(Beginning of PROVIDED RECORDS)

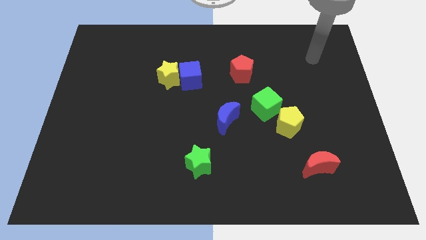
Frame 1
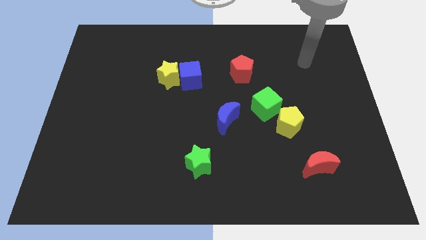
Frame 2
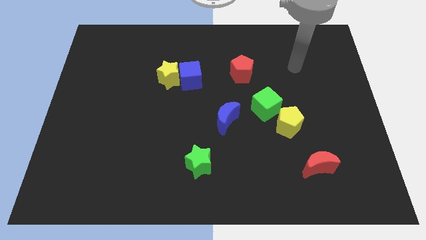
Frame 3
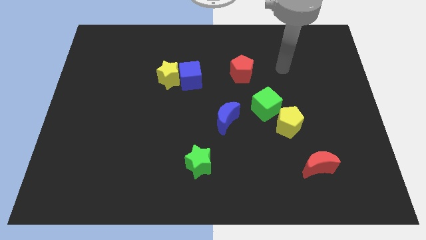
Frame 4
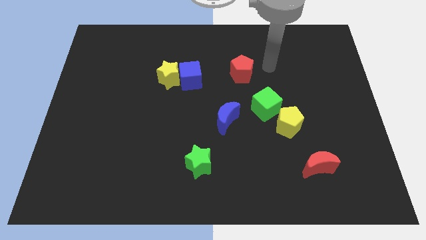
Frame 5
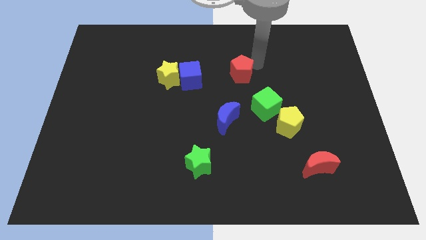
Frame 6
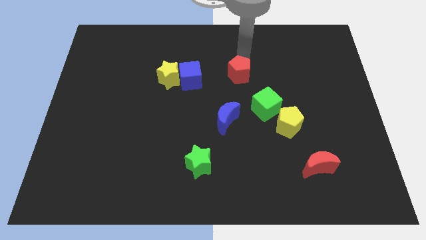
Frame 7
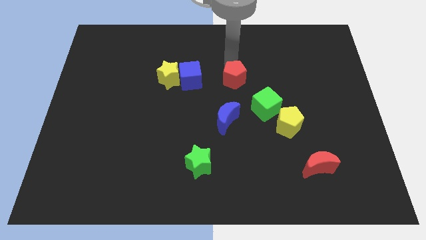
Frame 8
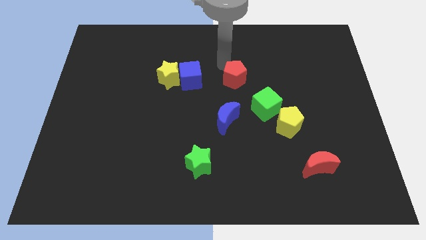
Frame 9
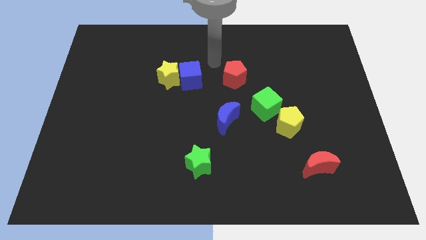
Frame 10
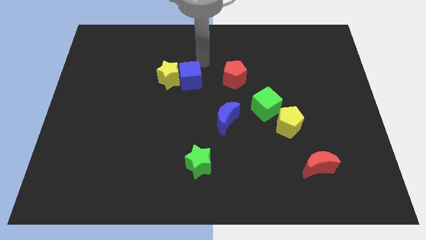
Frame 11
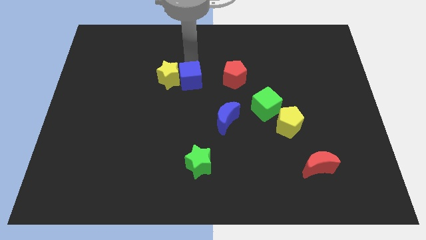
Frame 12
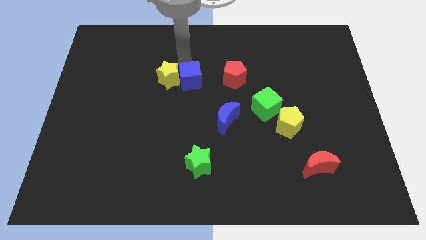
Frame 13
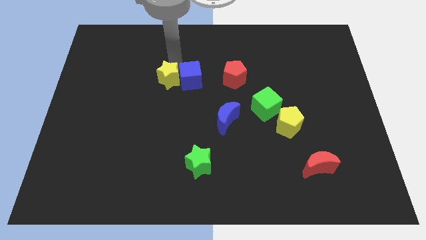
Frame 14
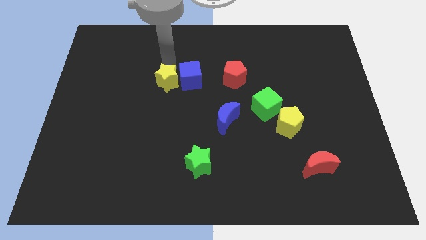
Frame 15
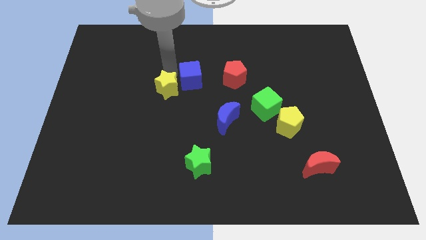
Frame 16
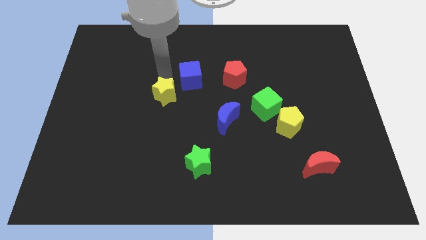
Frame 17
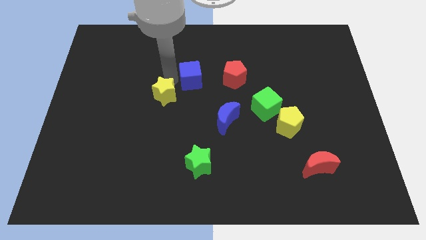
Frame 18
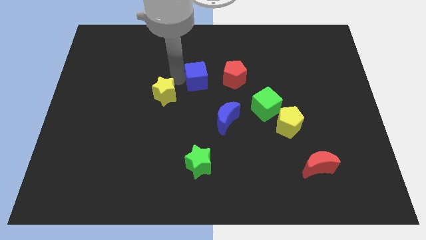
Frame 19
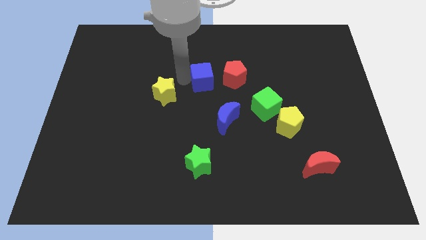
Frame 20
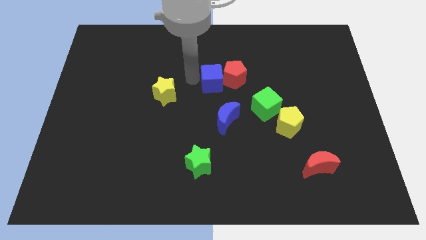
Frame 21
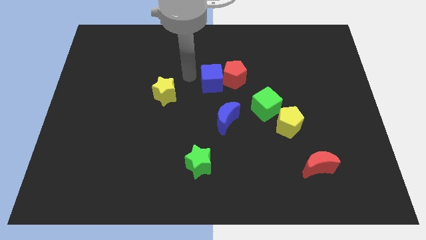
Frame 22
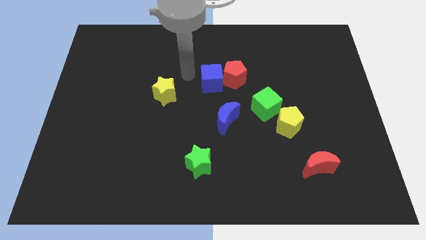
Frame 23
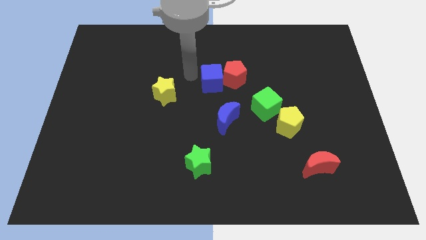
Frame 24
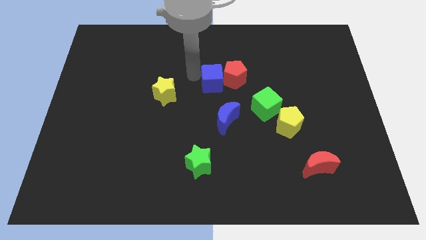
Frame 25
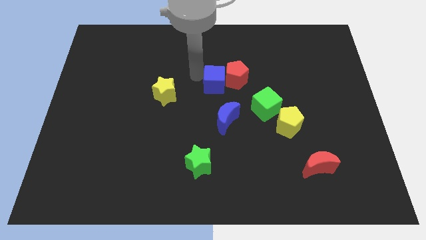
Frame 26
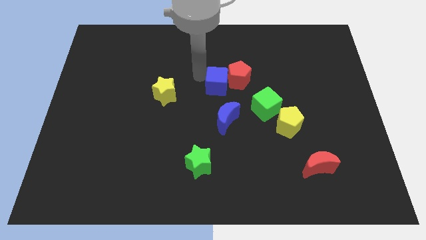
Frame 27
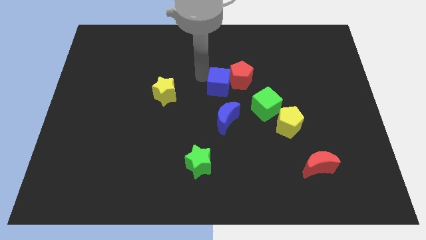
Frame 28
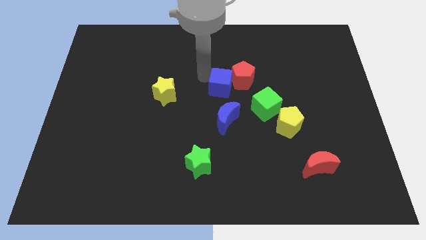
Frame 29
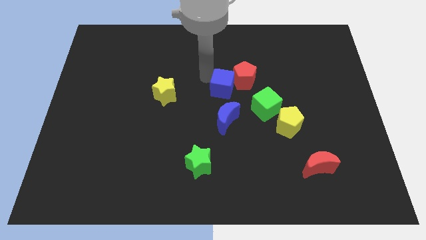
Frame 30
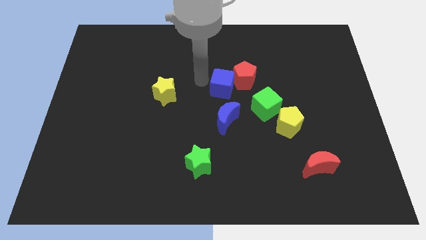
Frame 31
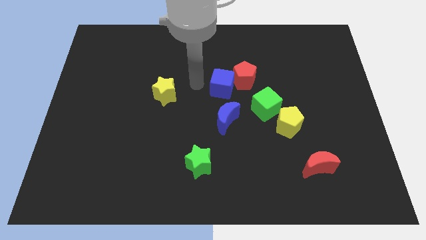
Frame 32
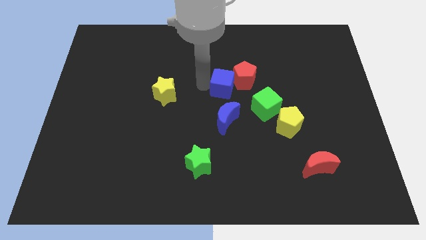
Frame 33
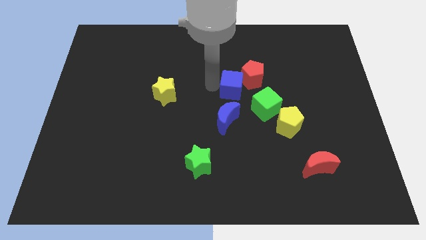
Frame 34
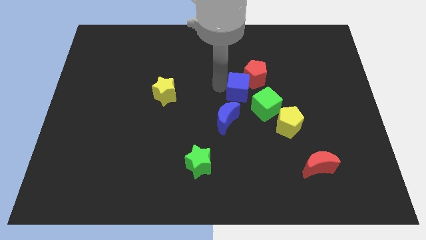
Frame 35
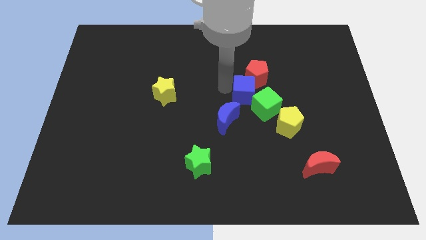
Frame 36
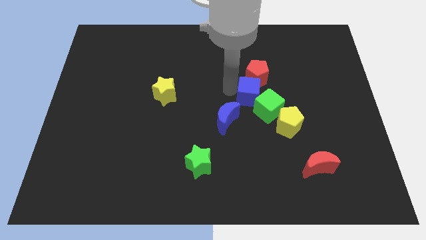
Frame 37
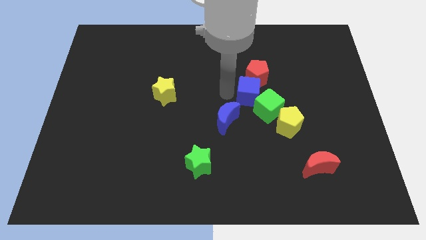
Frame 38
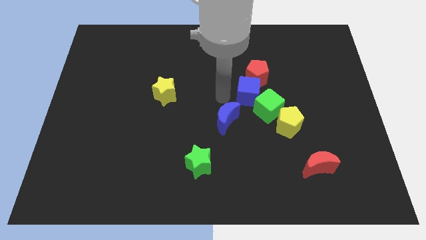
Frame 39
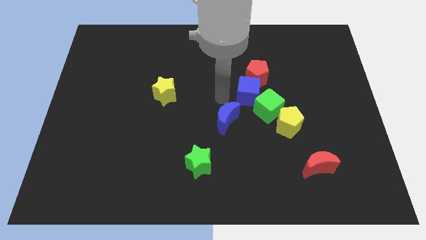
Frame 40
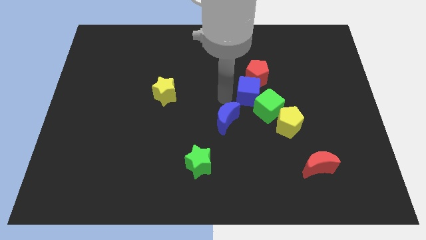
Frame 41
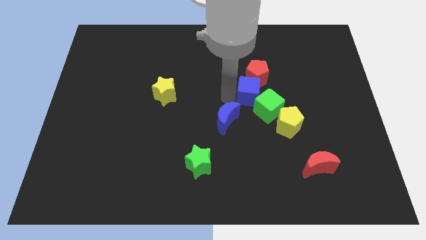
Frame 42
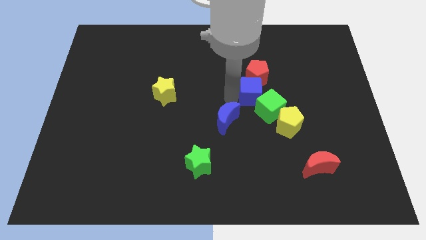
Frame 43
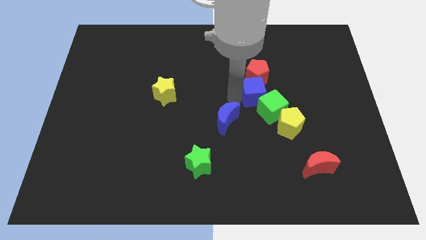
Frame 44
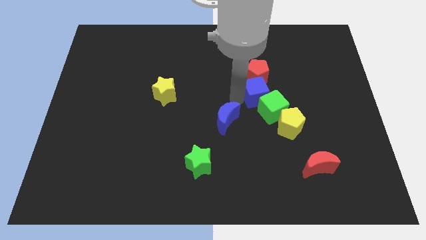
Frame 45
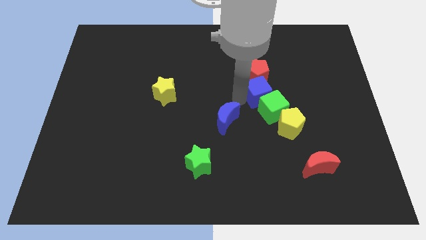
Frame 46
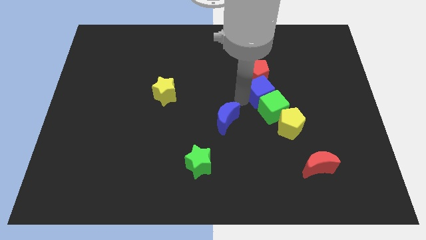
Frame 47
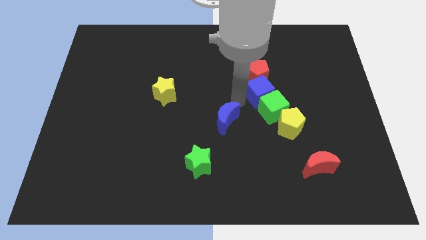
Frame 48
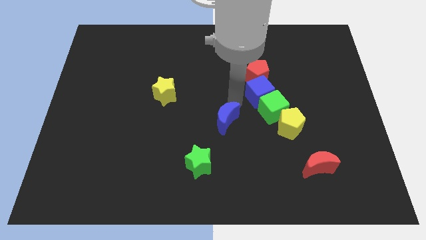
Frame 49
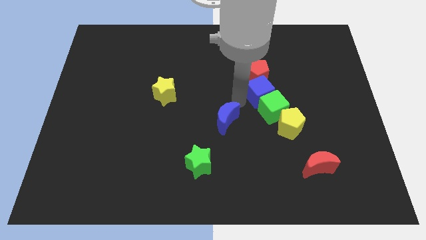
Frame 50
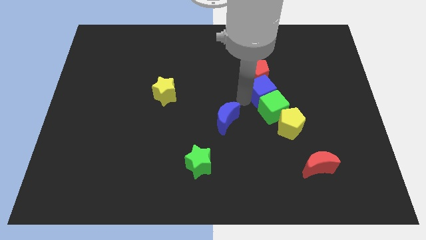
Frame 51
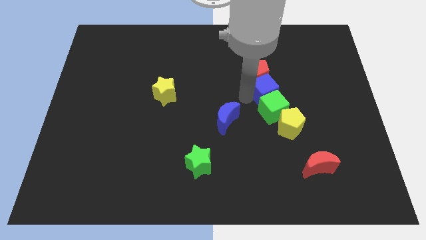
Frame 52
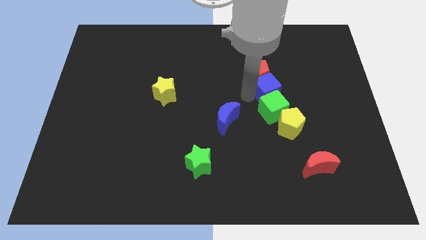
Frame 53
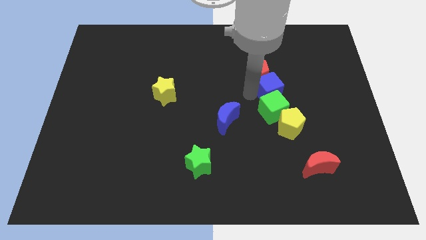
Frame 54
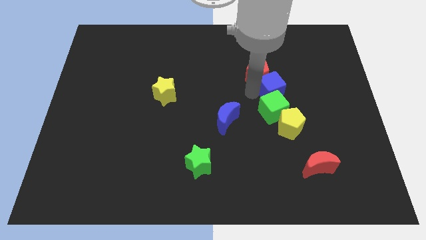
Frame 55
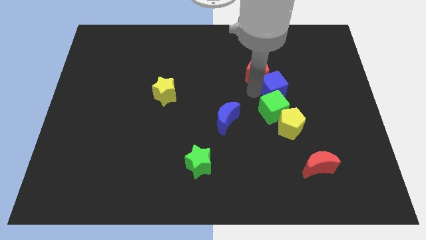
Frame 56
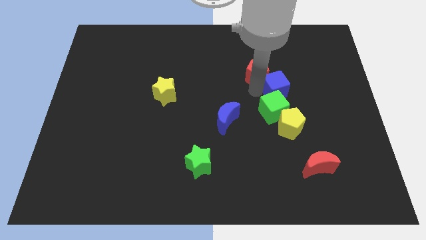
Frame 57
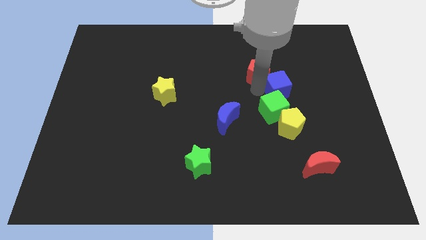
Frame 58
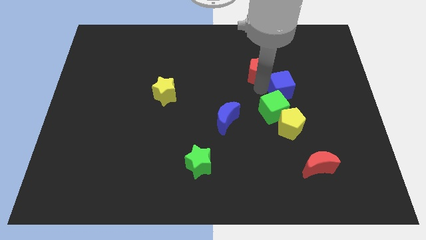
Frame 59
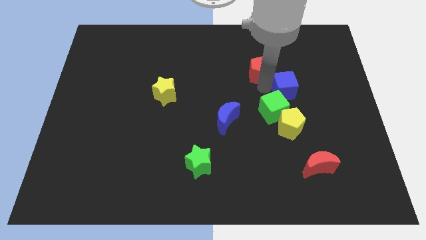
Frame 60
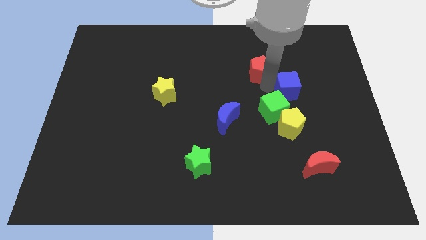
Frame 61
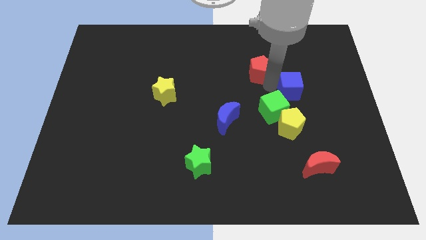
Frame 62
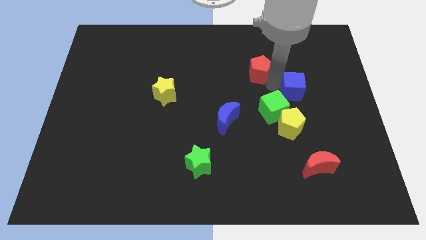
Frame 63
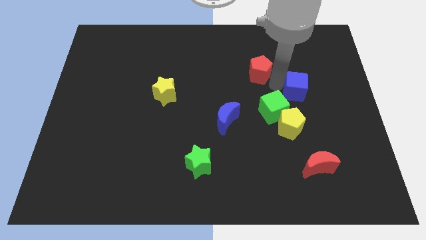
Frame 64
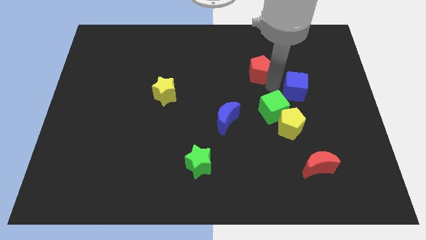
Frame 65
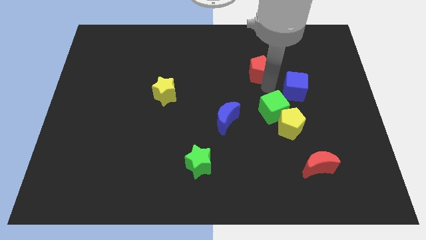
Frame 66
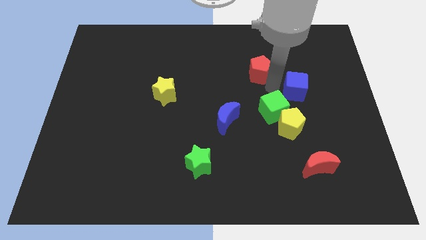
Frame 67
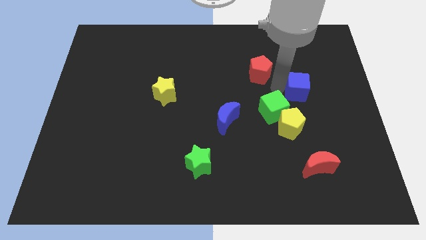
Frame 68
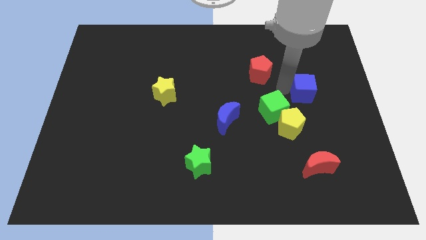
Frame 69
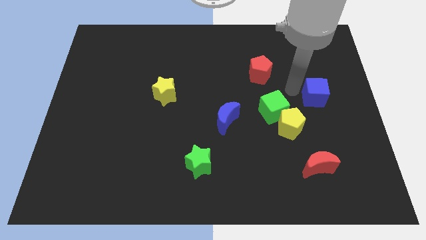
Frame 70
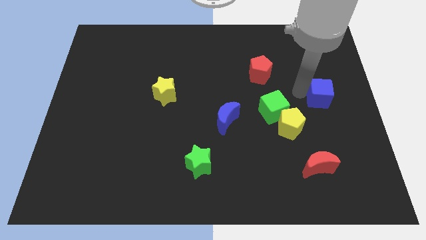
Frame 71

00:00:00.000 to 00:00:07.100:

(End of PROVIDED RECORDS)

YOUR OBJECTIVE: Since the copy must hold no pictures, repeat everything else in the records exactly as written.

SOLUTION:
Frame 1
Frame 2
Frame 3
Frame 4
Frame 5
Frame 6
Frame 7
Frame 8
Frame 9
Frame 10
Frame 11
Frame 12
Frame 13
Frame 14
Frame 15
Frame 16
Frame 17
Frame 18
Frame 19
Frame 20
Frame 21
Frame 22
Frame 23
Frame 24
Frame 25
Frame 26
Frame 27
Frame 28
Frame 29
Frame 30
Frame 31
Frame 32
Frame 33
Frame 34
Frame 35
Frame 36
Frame 37
Frame 38
Frame 39
Frame 40
Frame 41
Frame 42
Frame 43
Frame 44
Frame 45
Frame 46
Frame 47
Frame 48
Frame 49
Frame 50
Frame 51
Frame 52
Frame 53
Frame 54
Frame 55
Frame 56
Frame 57
Frame 58
Frame 59
Frame 60
Frame 61
Frame 62
Frame 63
Frame 64
Frame 65
Frame 66
Frame 67
Frame 68
Frame 69
Frame 70
Frame 71

00:00:00.000 to 00:00:07.100:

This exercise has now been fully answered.